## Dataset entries
*****

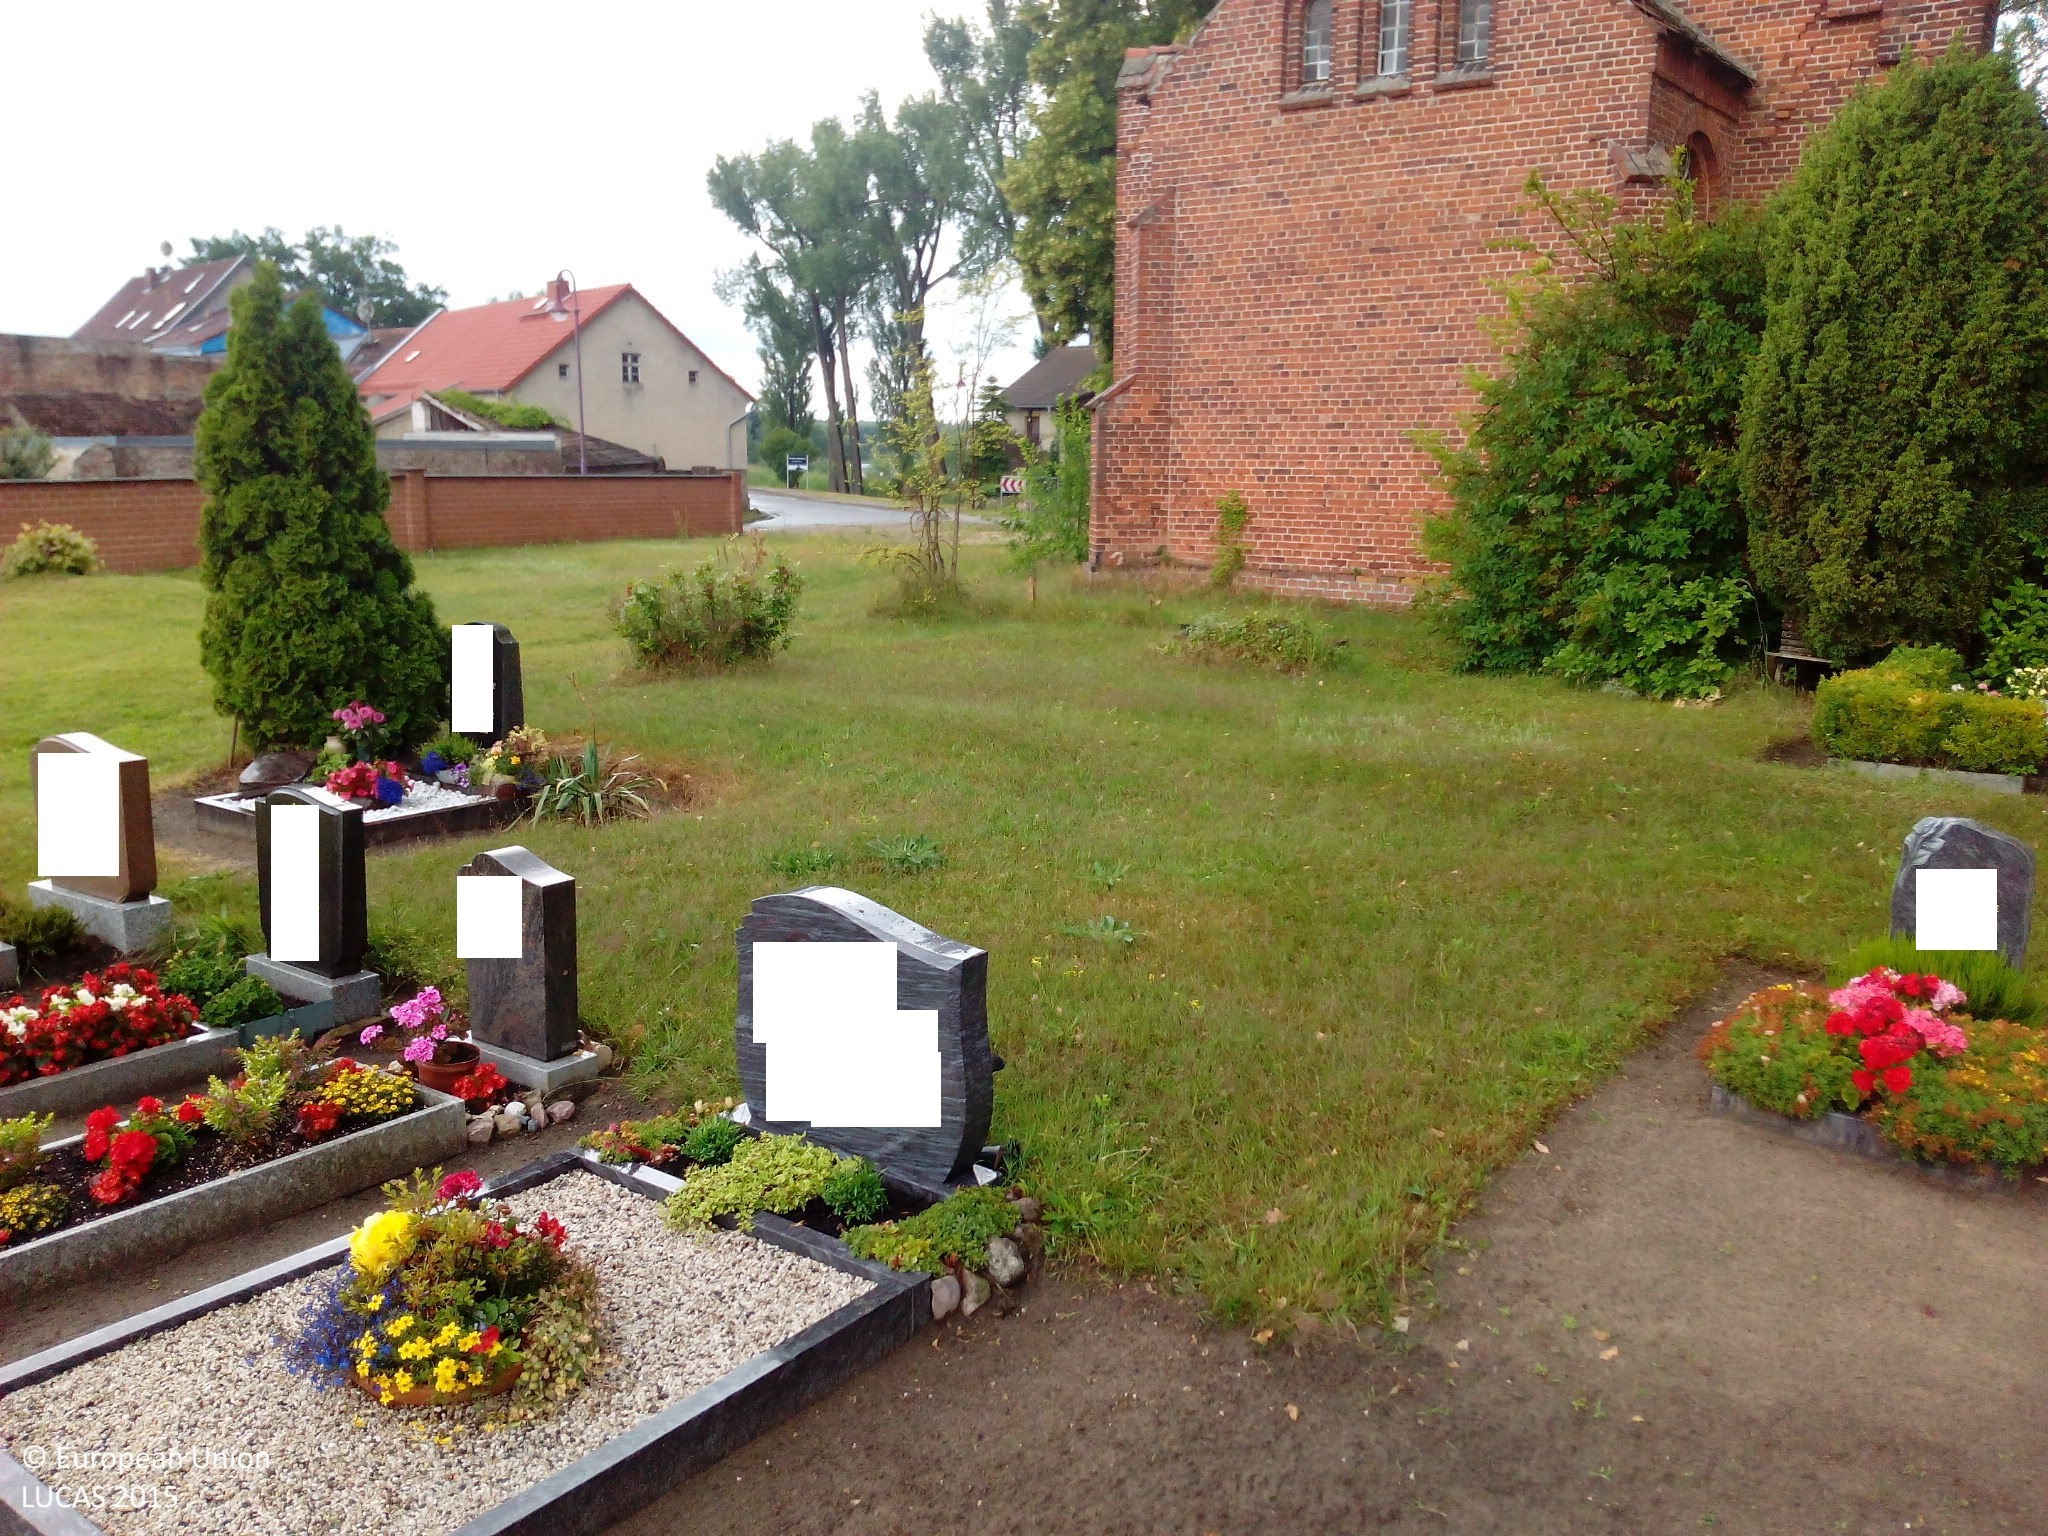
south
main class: Grassland
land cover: Grassland without tree/shrub cover
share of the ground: > 75 %
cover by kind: herbaceous plants 100 %
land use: Community services
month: June
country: DE
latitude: 52.4426
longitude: 12.4270
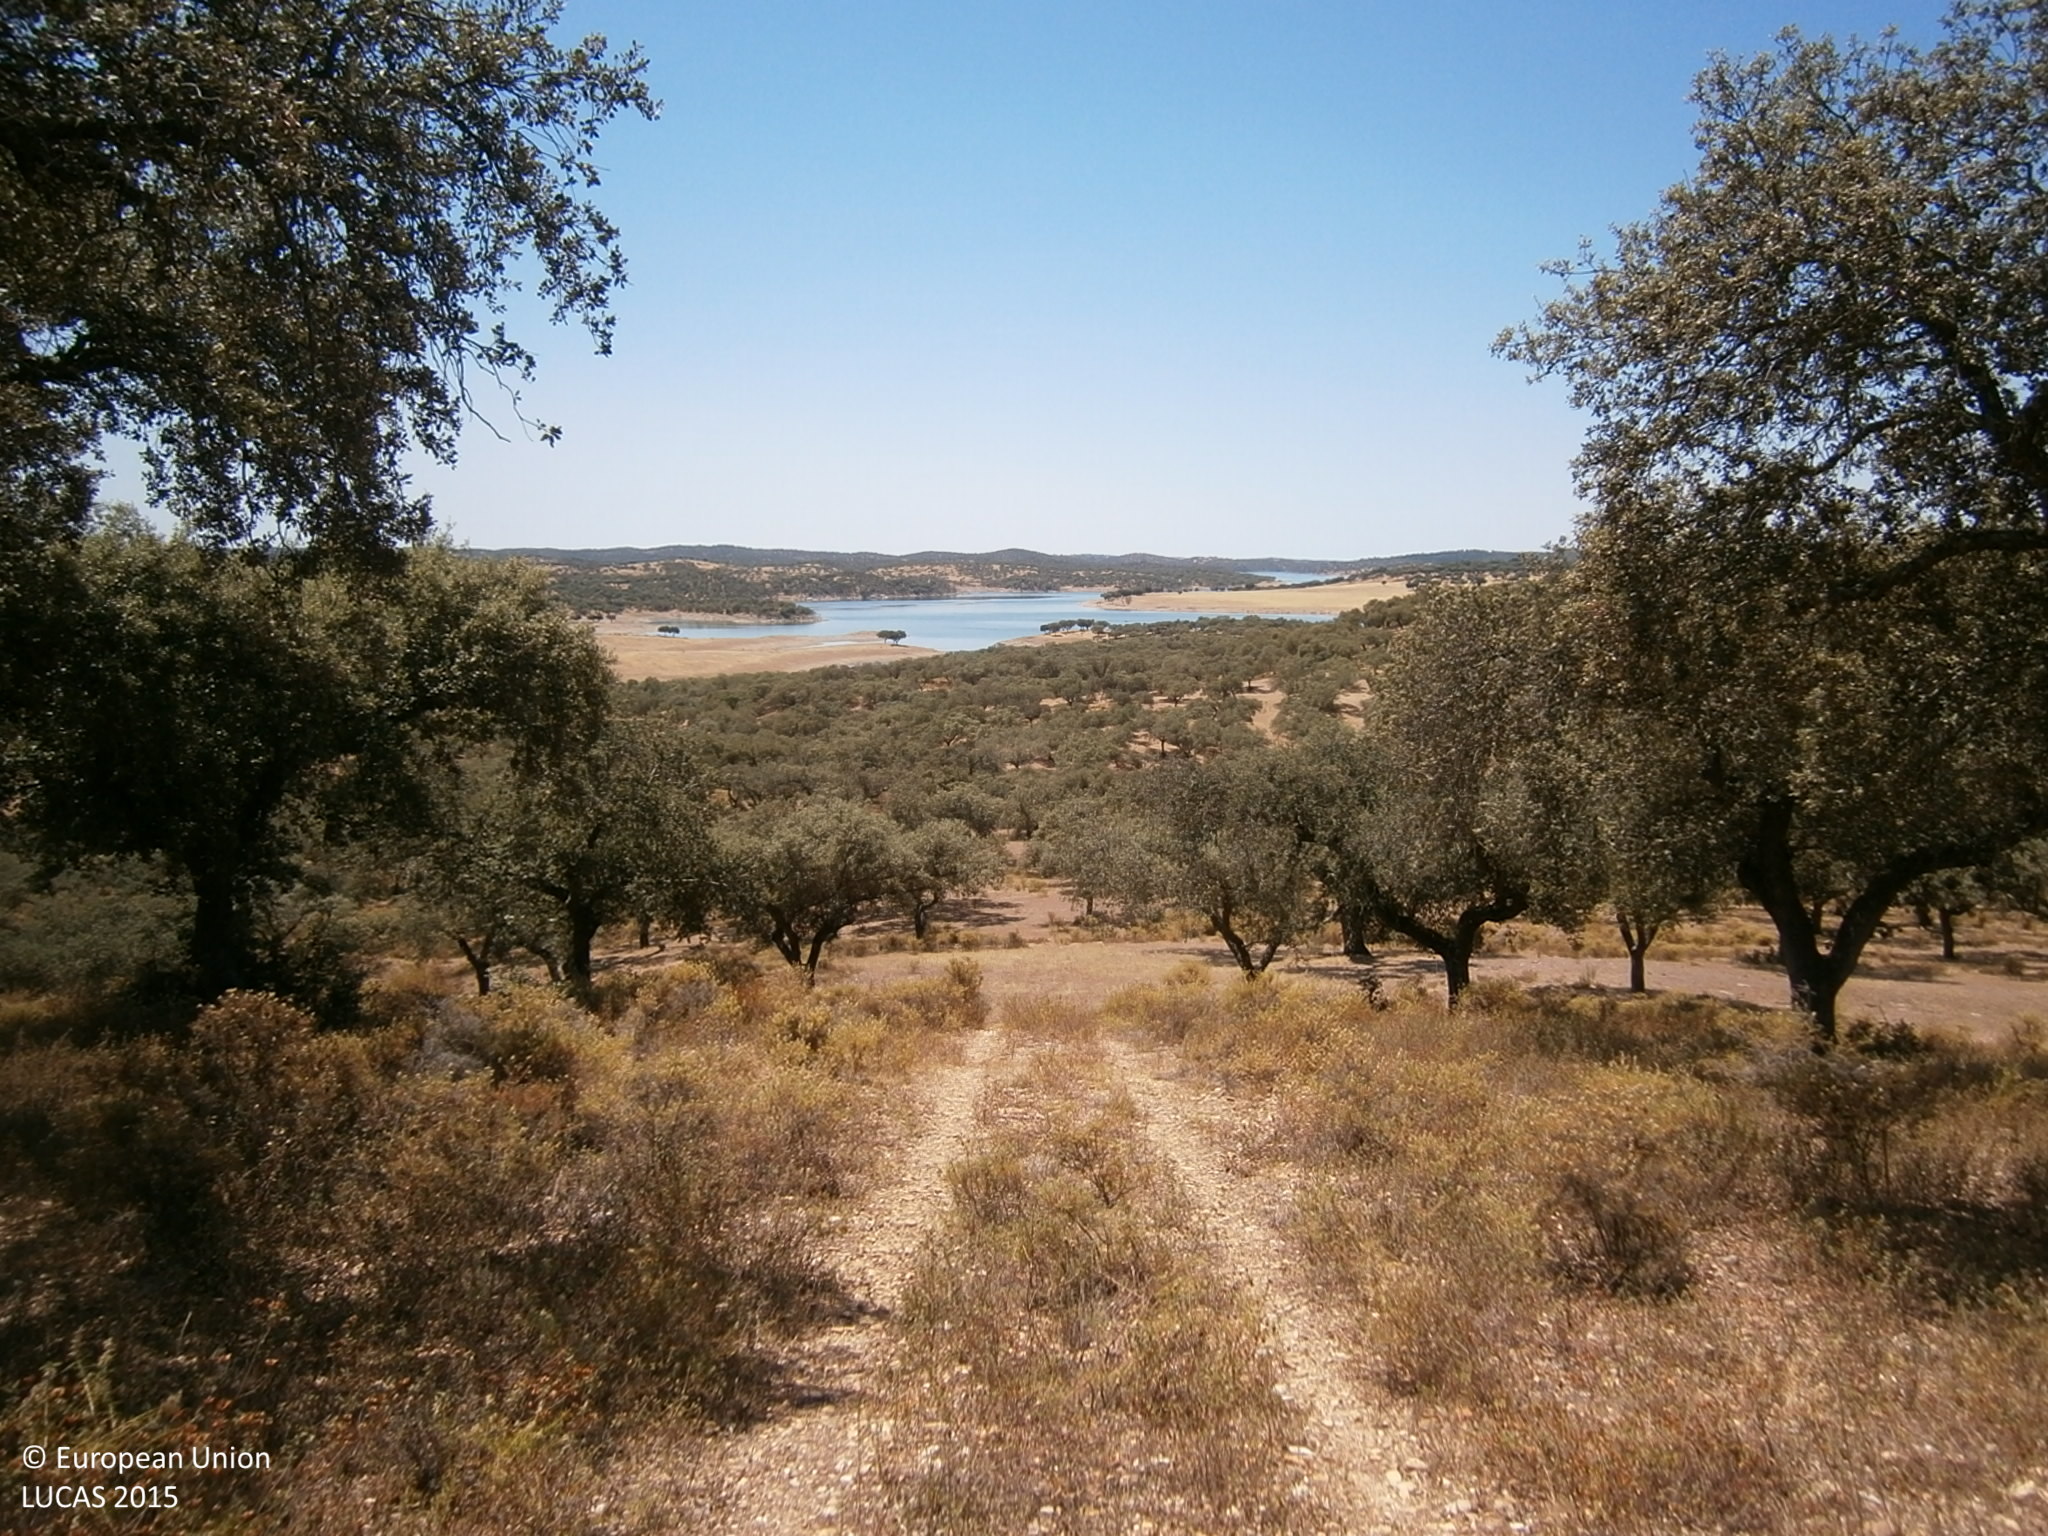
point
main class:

*****

## Exercise instructions
Please quote the records above exactly, beginning at the line that contains "share of the ground: > 75 %" and ending at their last line. Leave the pictures out.

## Worked solution
share of the ground: > 75 %
cover by kind: herbaceous plants 100 %
land use: Community services
month: June
country: DE
latitude: 52.4426
longitude: 12.4270
point
main class:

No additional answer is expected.